Stored items:
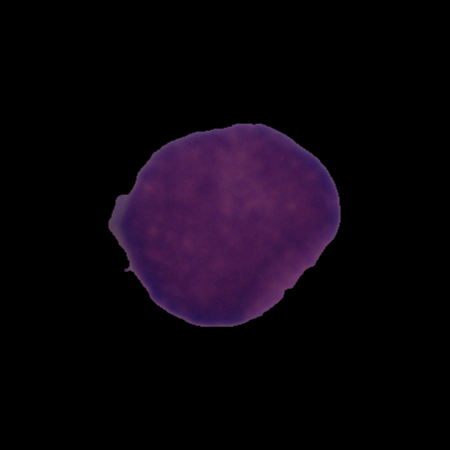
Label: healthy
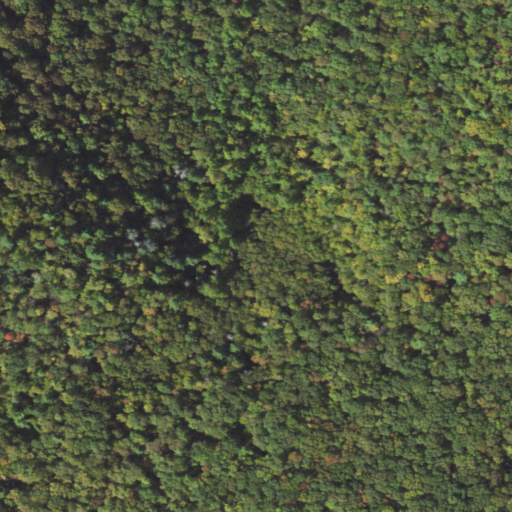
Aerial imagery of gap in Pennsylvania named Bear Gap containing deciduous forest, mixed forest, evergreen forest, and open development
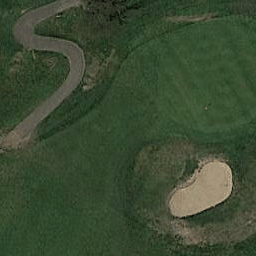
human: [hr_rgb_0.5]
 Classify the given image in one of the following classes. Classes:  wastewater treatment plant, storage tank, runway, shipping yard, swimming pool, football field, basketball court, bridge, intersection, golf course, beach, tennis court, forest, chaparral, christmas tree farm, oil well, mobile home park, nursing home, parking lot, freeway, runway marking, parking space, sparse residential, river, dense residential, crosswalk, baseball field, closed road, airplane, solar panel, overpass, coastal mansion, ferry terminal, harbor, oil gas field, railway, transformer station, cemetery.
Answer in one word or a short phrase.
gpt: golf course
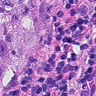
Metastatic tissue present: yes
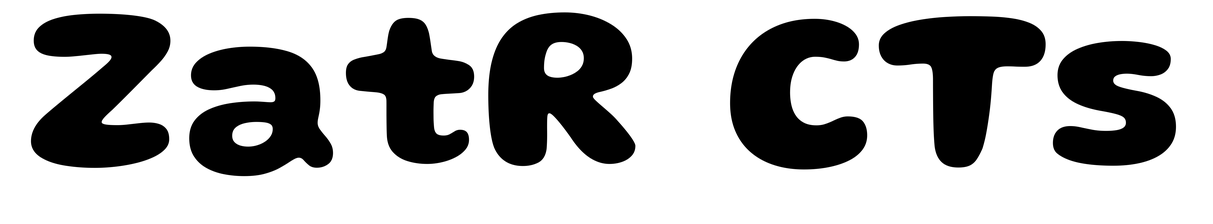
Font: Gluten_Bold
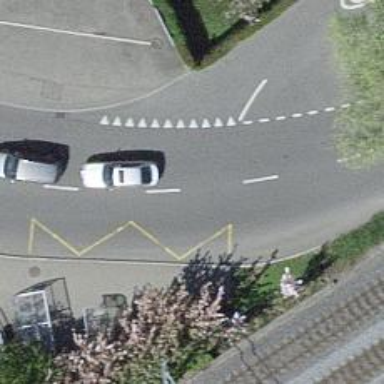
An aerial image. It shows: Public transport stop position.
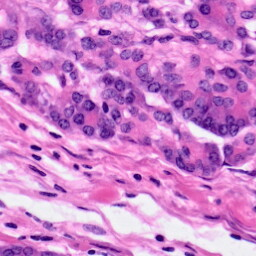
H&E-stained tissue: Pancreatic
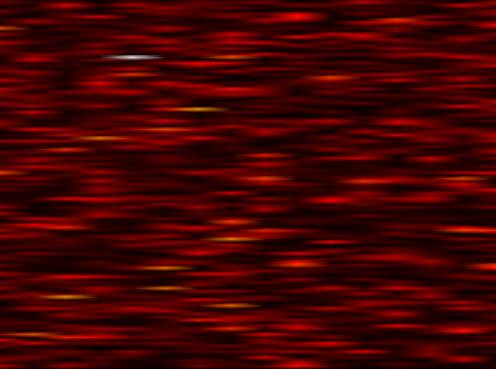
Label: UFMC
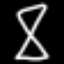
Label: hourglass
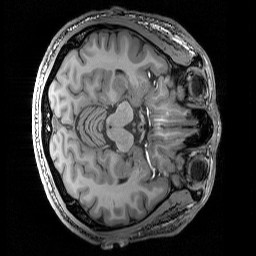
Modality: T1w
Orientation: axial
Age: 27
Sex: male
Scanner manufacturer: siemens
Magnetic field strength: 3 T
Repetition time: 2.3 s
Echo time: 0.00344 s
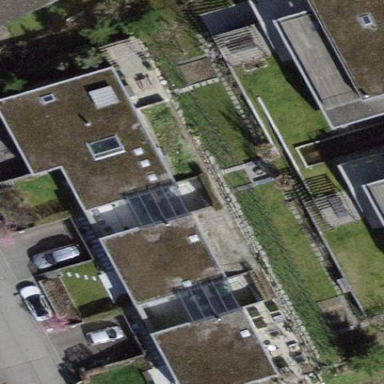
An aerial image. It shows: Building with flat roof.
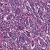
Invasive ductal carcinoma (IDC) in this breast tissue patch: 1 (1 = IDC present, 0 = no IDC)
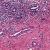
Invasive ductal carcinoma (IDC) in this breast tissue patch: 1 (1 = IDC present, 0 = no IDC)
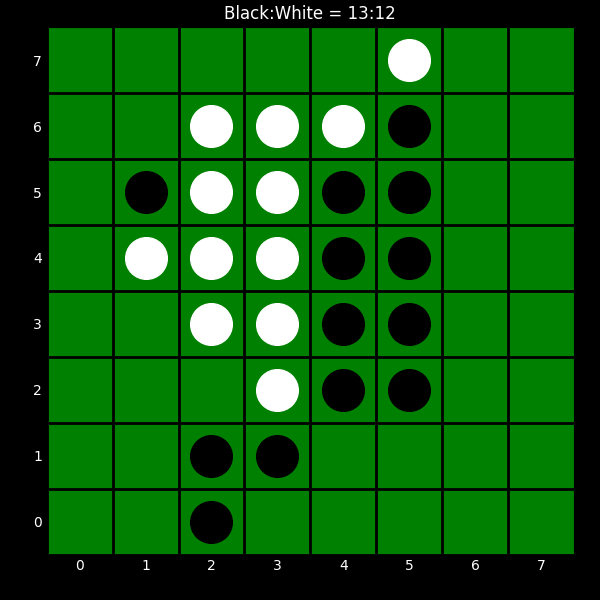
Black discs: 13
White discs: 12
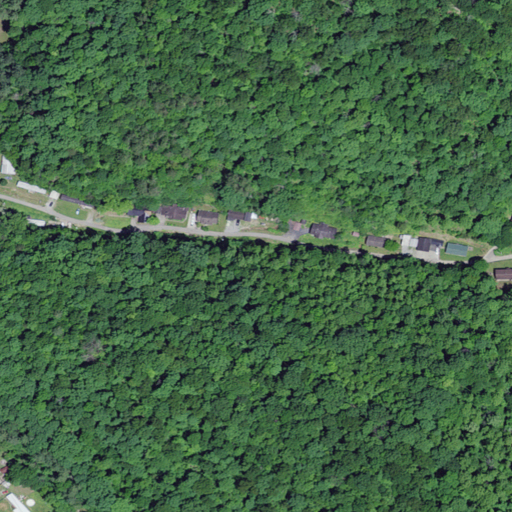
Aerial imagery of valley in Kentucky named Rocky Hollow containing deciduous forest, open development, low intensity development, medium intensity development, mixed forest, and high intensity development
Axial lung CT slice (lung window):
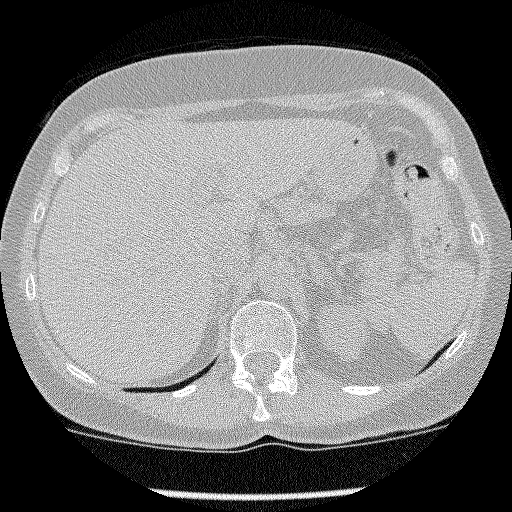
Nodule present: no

### Problem to solve
Exact copy, no pictures. Write out the lines in the entries above, starting with the line with "gpt: golf course" and going on through the line with "Echo time: 0.00344 s", keeping both.

### Response
gpt: golf course
Metastatic tissue present: yes
Font: Gluten_Bold
An aerial image. It shows: Public transport stop position.
H&E-stained tissue: Pancreatic
Label: UFMC
Label: hourglass
Modality: T1w
Orientation: axial
Age: 27
Sex: male
Scanner manufacturer: siemens
Magnetic field strength: 3 T
Repetition time: 2.3 s
Echo time: 0.00344 s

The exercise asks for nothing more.